• **Instructions for the task**
Give every line from the entries that contains "cover".

Top of Dataset extract

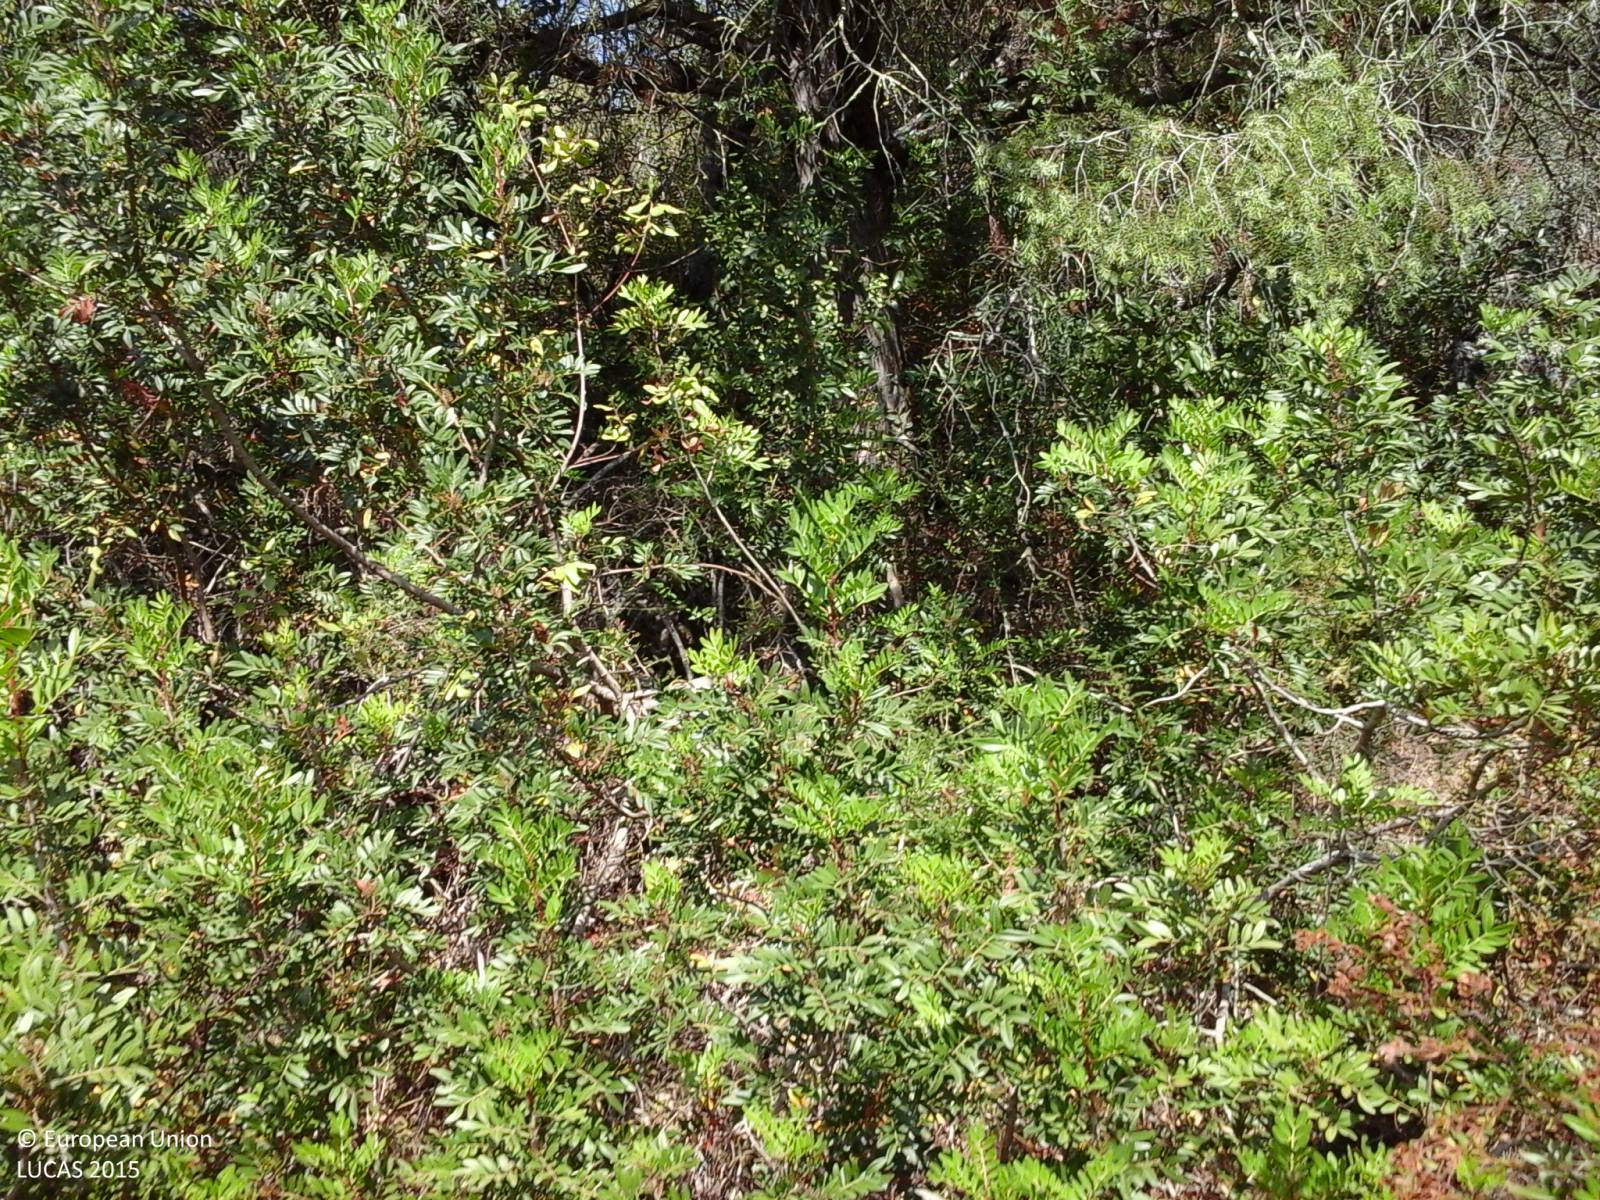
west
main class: Woodland
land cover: Broadleaved woodland
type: broadleaved evergreen forest
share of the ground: > 75 %
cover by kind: herbaceous plants 60 %, shrubs 30 %, broadleaved forest trees 10 %
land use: Semi-natural and natural areas not in use
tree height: > 5 m
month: July
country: IT
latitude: 41.1334
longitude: 9.3003
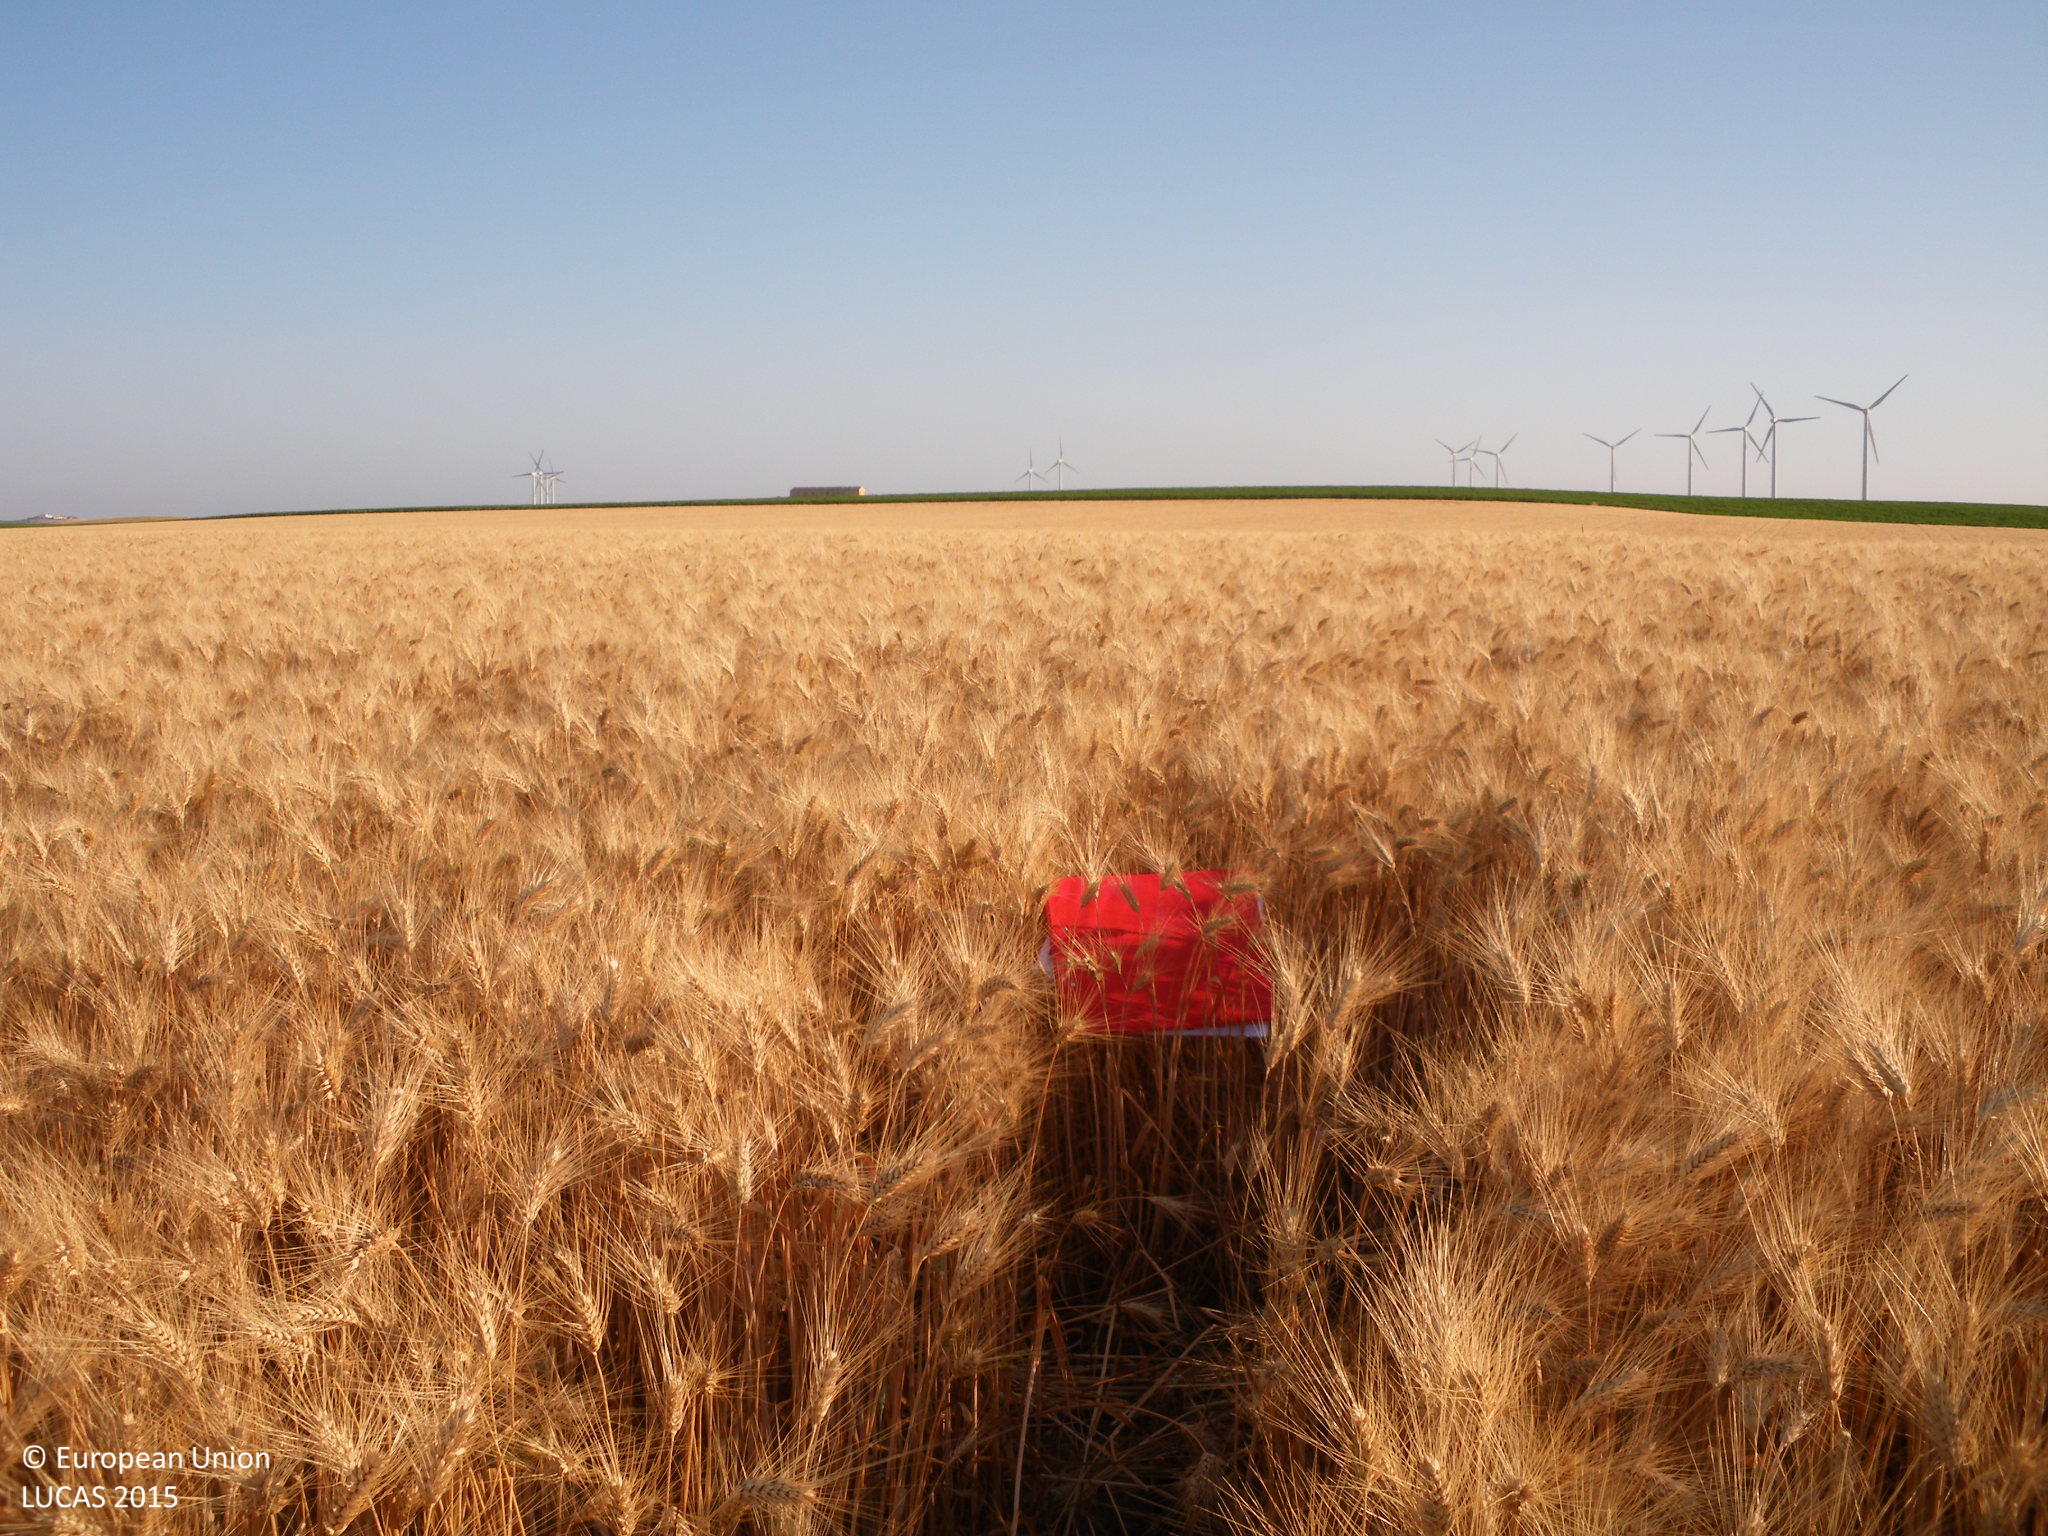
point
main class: Cropland
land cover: Durum wheat
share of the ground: > 75 %
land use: Agriculture (excluding fallow land and kitchen gardens)
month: May
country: ES
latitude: 36.7606
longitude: -6.2700
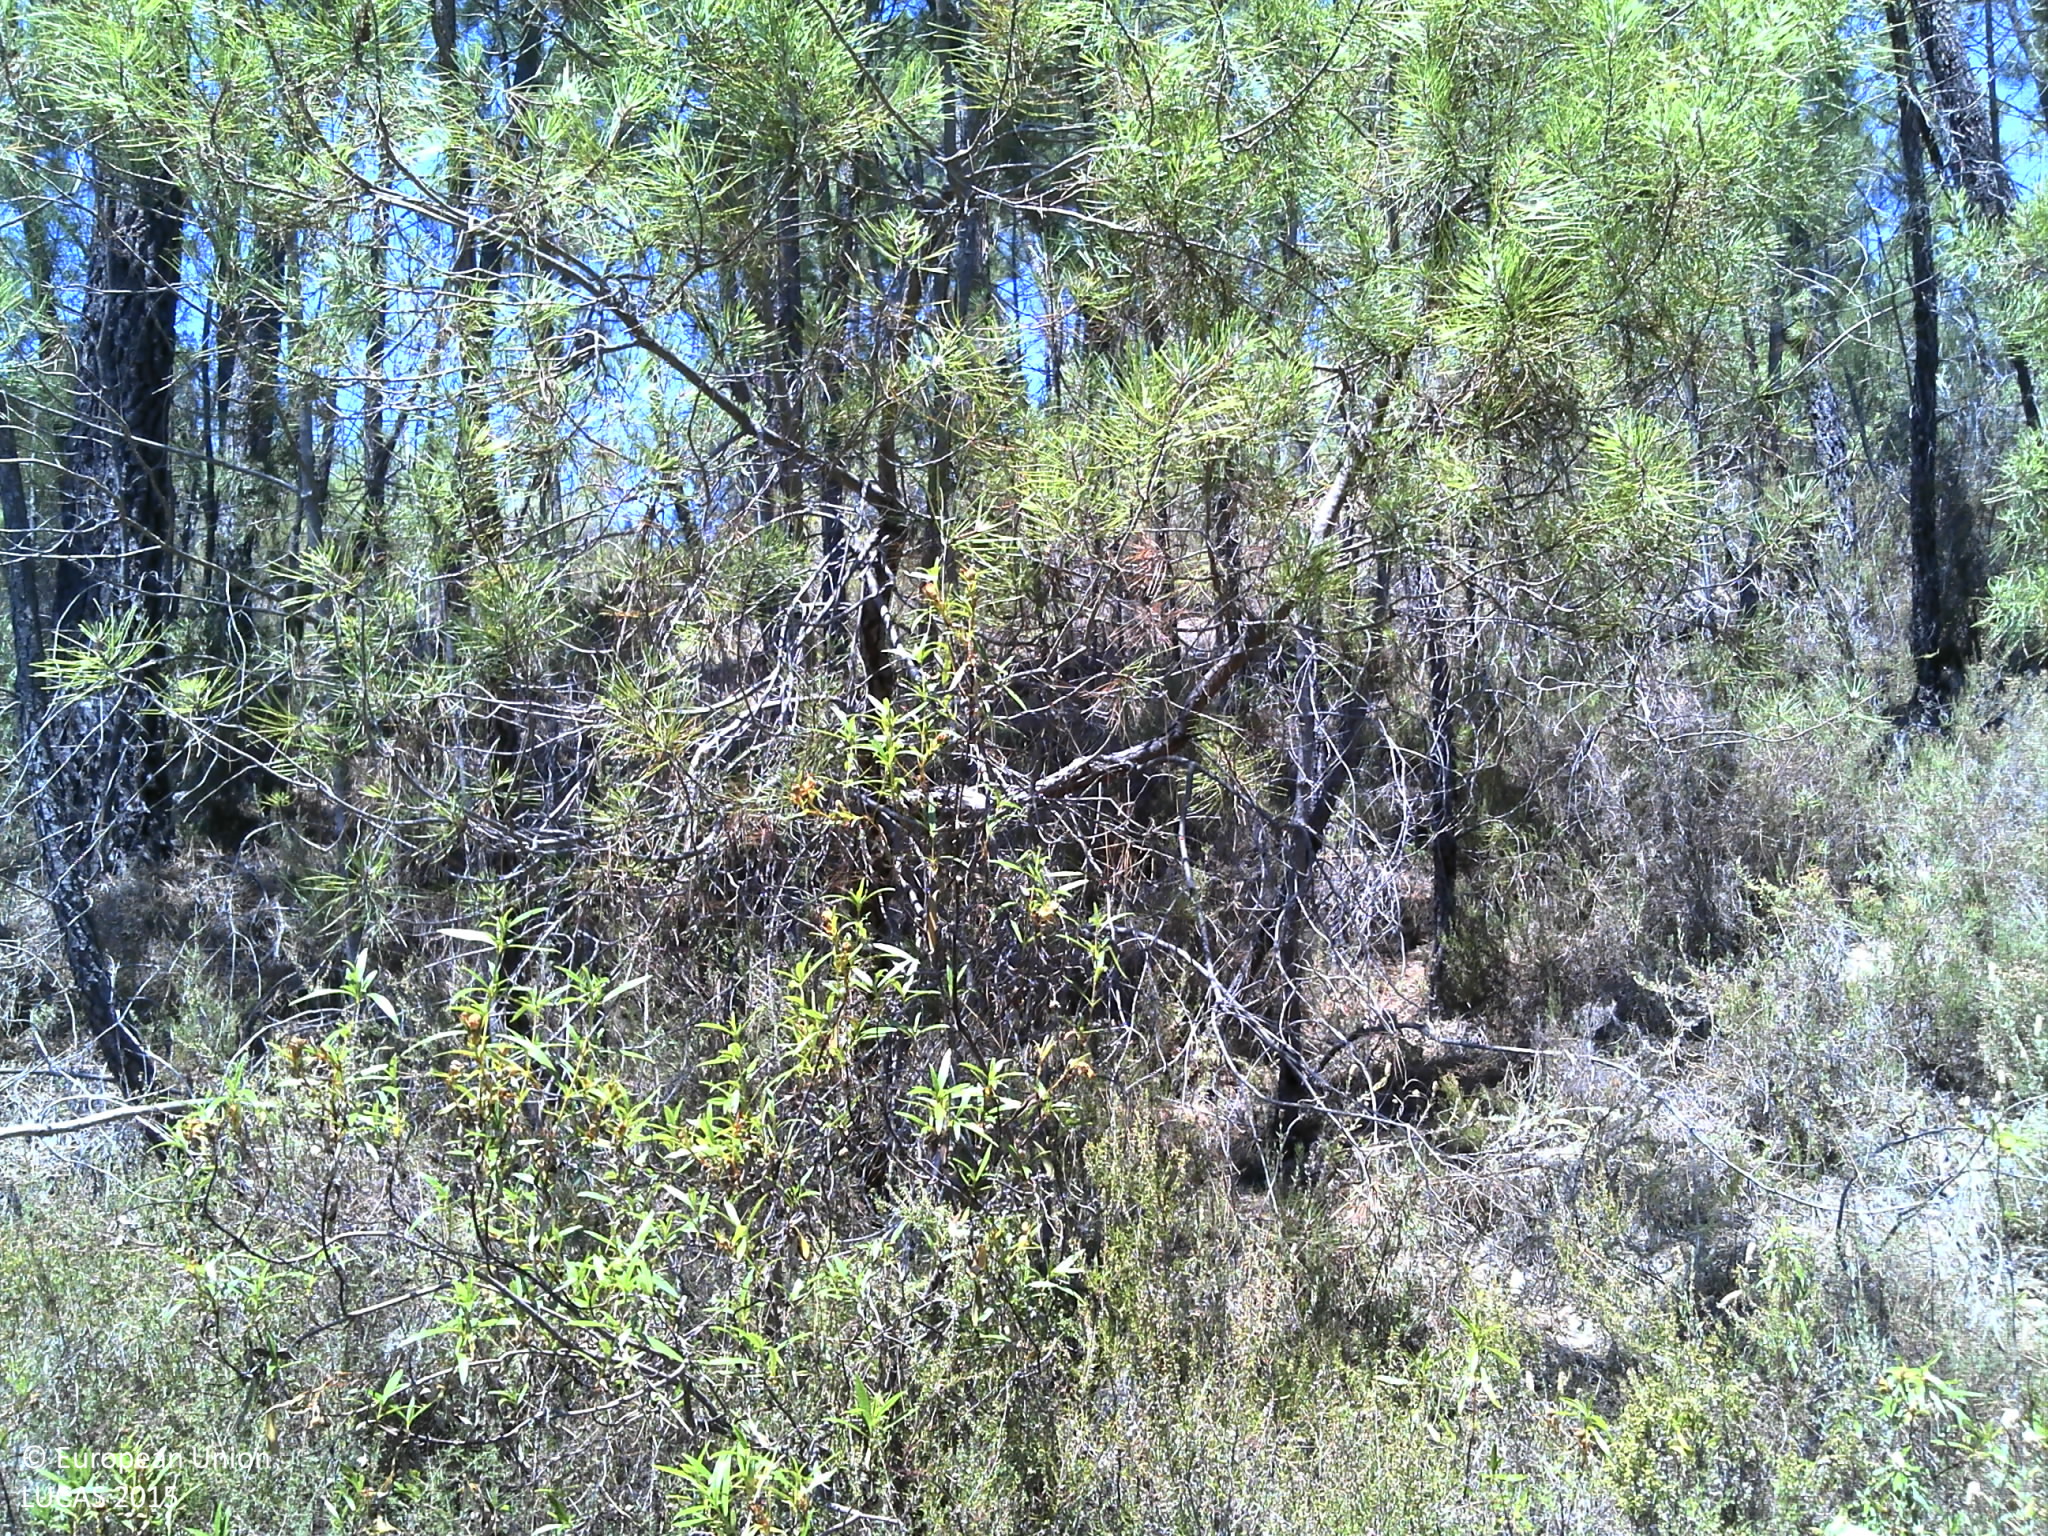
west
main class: Cropland
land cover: Olive groves
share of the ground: < 10 %
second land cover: Shrubland without tree cover
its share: > 75 %
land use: Abandoned areas
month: July
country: PT
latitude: 39.7146
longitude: -7.8003

Bottom of Dataset extract

• **Exercise output**
land cover: Broadleaved woodland
cover by kind: herbaceous plants 60 %, shrubs 30 %, broadleaved forest trees 10 %
land cover: Durum wheat
land cover: Olive groves
second land cover: Shrubland without tree cover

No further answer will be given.